Python web crawler scrapy common commands

Source: Internet
Author: User
Tags python web crawler

Scrapy Global Command

To understand which global commands are in Scrapy, you can run without entering the Scrapy Crawler project directory Scrapy-h

  

(1) Fetch command

The FETCH command is used primarily to display the crawler crawl process, and if used outside of the Scrapy project directory, the scrapy default crawler is invoked to crawl the page, and if the command is used within a project directory in Scrapy, the crawler in the project is called to crawl the page

--headers controlling the Display object's crawler crawl site header information

--nolog control does not display log information

--logfile==file Storing Log text information

--spider=spider control which crawler to use

--loglevel=level Control Log Level

Log rank common values:

CRITICAL a serious error occurred

Error has occurred that must be handled immediately

WARNING some warning messages appear

Info OUTPUT some hint information

Debug output Some debugging information, often used in the development phase

(2) Runspider command

Can be implemented without relying on scrapy crawler projects, directly run a crawler file

The command is not yet understood, and I don't see the print information for the parse () function

(3) Setting command

View the configuration information for the scrapy, if used within the project directory, to view the configuration information for the corresponding project, and to view the scrapy default configuration information if used outside of the project

(4) Shell command

Shell command can start scrapy Interactive terminal, Scrapy's interactive terminal is often used in the development and diving, using Scrapy Interactive terminal can be implemented without starting the Scrapy crawler, the site response to debug

  

You can see that you can use the Scarpy object and the shortcut command after executing the command

(5) Startproject command

Used to create a project

Scrapy startproject Firstspider [Parm]

(6) Version command

The version command can be used to directly display information about Scrapy

(7) View command

Implements the ability to download a webpage and view it in a browser

Scrapy Project Command (1) Bench command

Use the bench command to test the performance of the local hardware, when we allow scrapy bench, will create a local server and will crawl at the maximum speed, again in order to test the performance of local hardware, to avoid the impact of too many factors, all only connected follow-up, not content processing

Purely on the hardware performance, the display can crawl about 2,400 pages per minute, this is a reference standard, in the actual operation of crawler projects, due to various factors caused by different speed, in general, according to the actual speed of operation and the reference speed comparison results, so that the Crawler project optimization and improvement

(2) Genspider command

To create a crawler file, you can use the-l parameter of the command to view the currently available crawler templates

  

Use-t to generate a crawler based on any of these crawler templates

  

This will generate the country_test.py file in the Example/spiders/country_test directory

  

(3) Check command

Use the check command in Scrapy to make a contract (contract) check on a crawler file

  

(4) Crawl command

Start a crawler

Scrapy Crawl Country_test--loglevel=debug

(5) List command

List the currently available crawler files

(6) Edit command

Edit the crawler file directly by opening the corresponding editor

Python web crawler scrapy common commands

Contact Us

The content source of this page is from Internet, which doesn't represent Alibaba Cloud's opinion; products and services mentioned on that page don't have any relationship with Alibaba Cloud. If the content of the page makes you feel confusing, please write us an email, we will handle the problem within 5 days after receiving your email.

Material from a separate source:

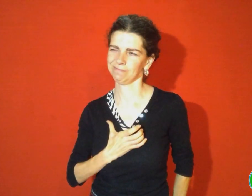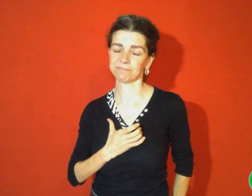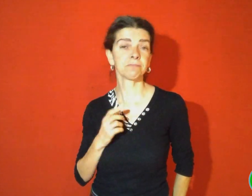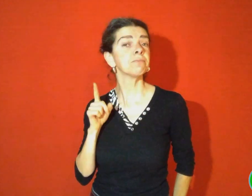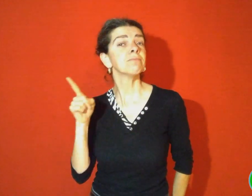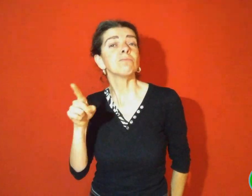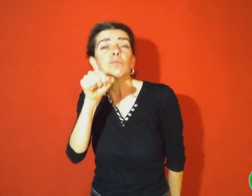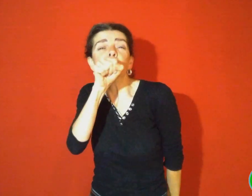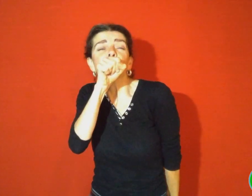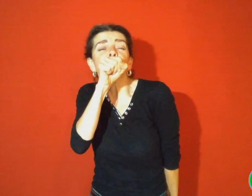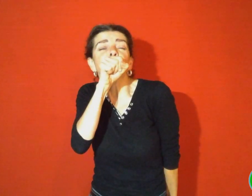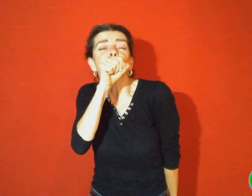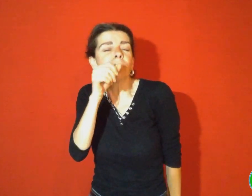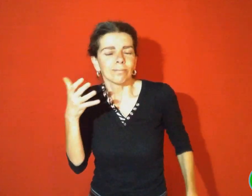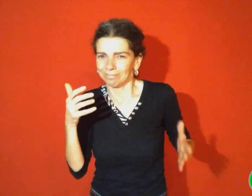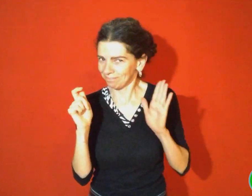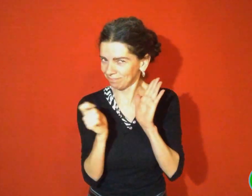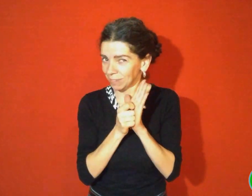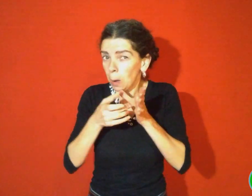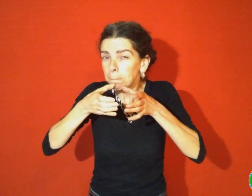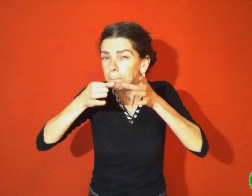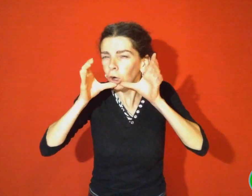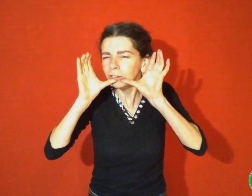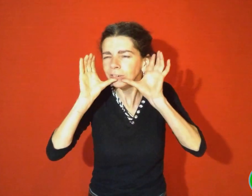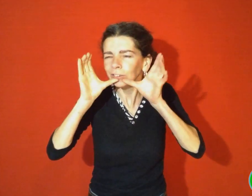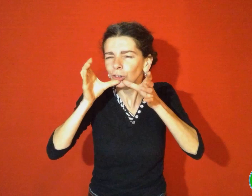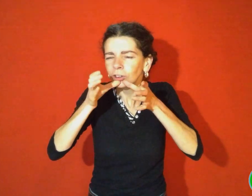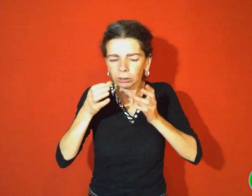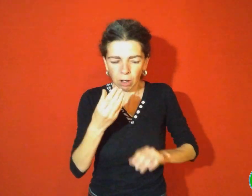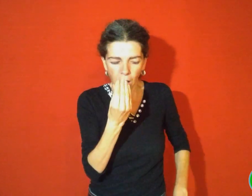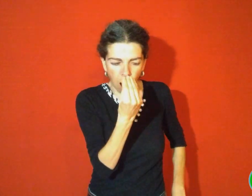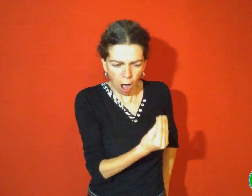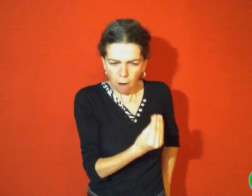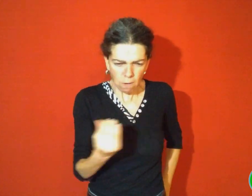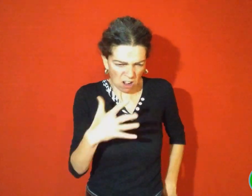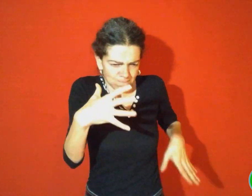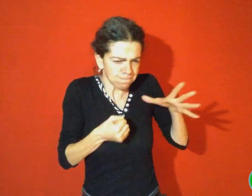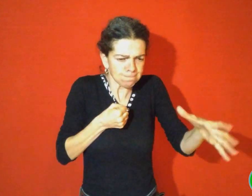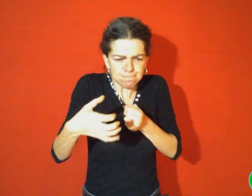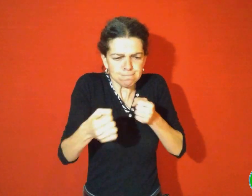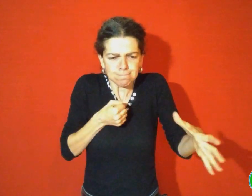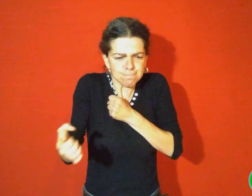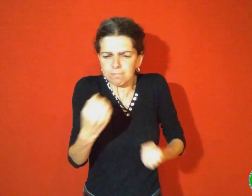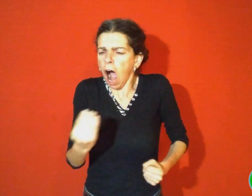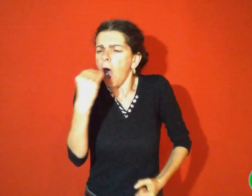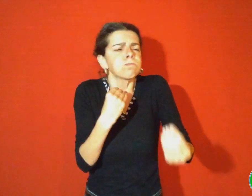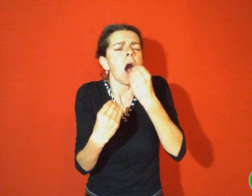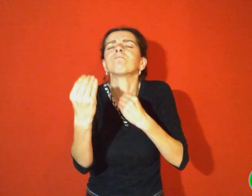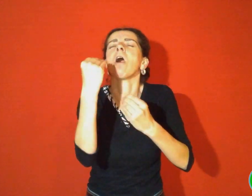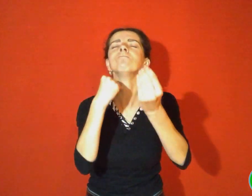Ce qu'il aimait le plus au monde, c'était de manger des petits-enfants à son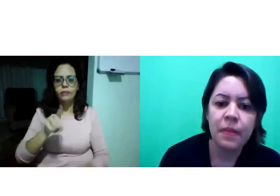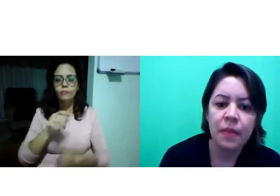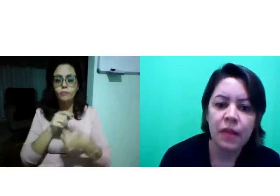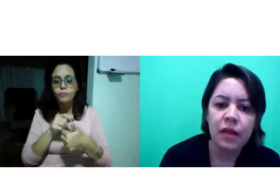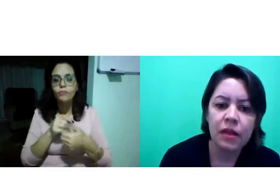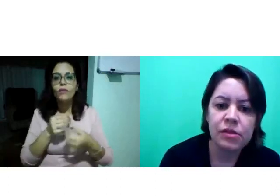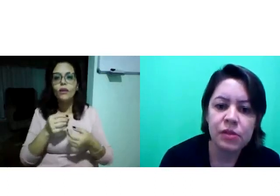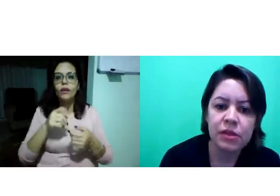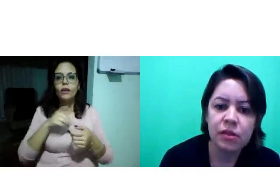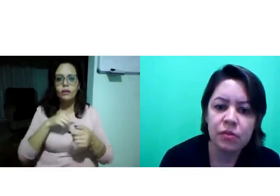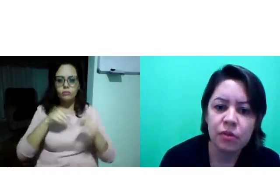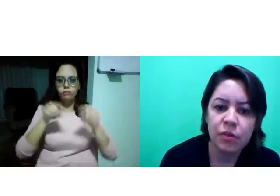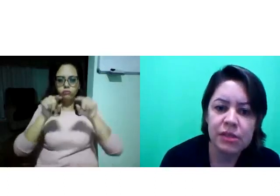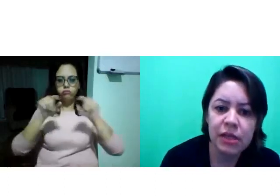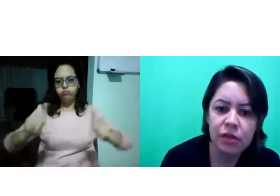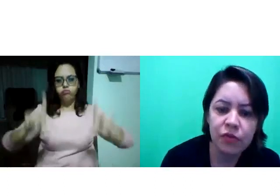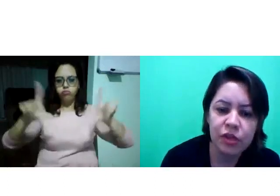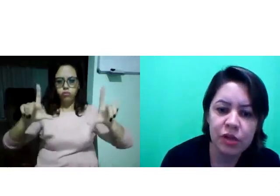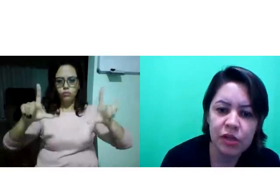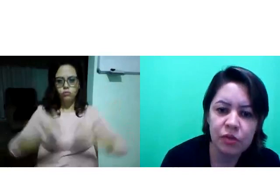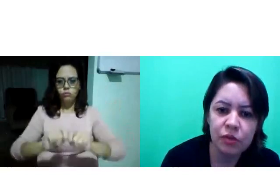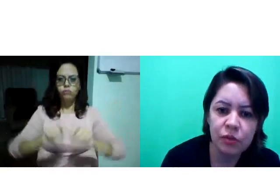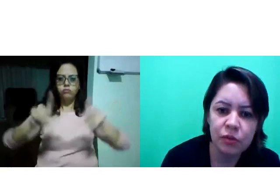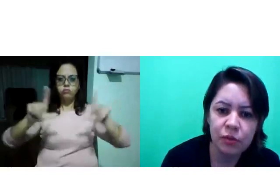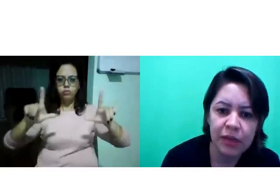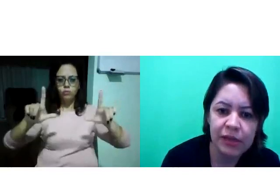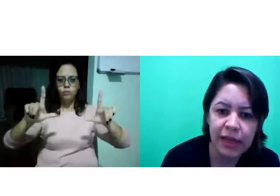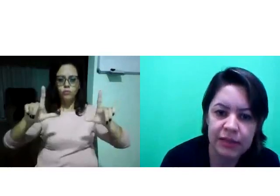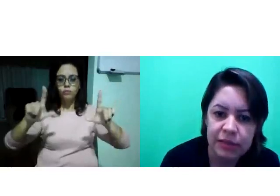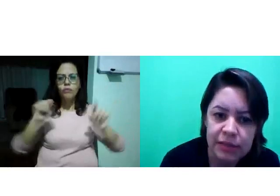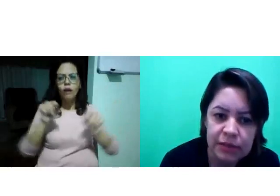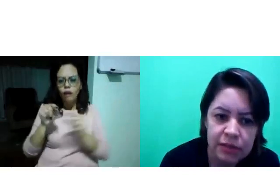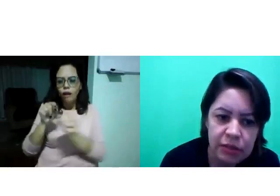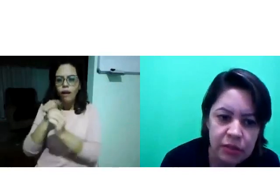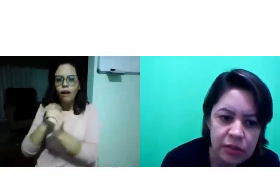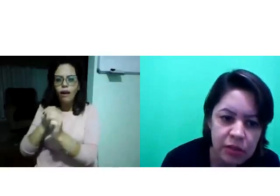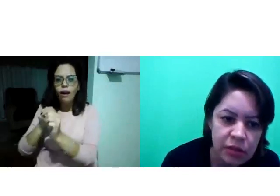Isso. Isso. Então, como inserir o vídeo ali no Padlet?

If you find any instances of plagiarism from the community, please send an email to: info-contact@alibabacloud.com and provide relevant evidence. A staff member will contact you within 5 working days.

A Free Trial That Lets You Build Big!

Start building with 50+ products and up to 12 months usage for Elastic Compute Service

  • Sales Support

    1 on 1 presale consultation

  • After-Sales Support

    24/7 Technical Support 6 Free Tickets per Quarter Faster Response

  • Alibaba Cloud offers highly flexible support services tailored to meet your exact needs.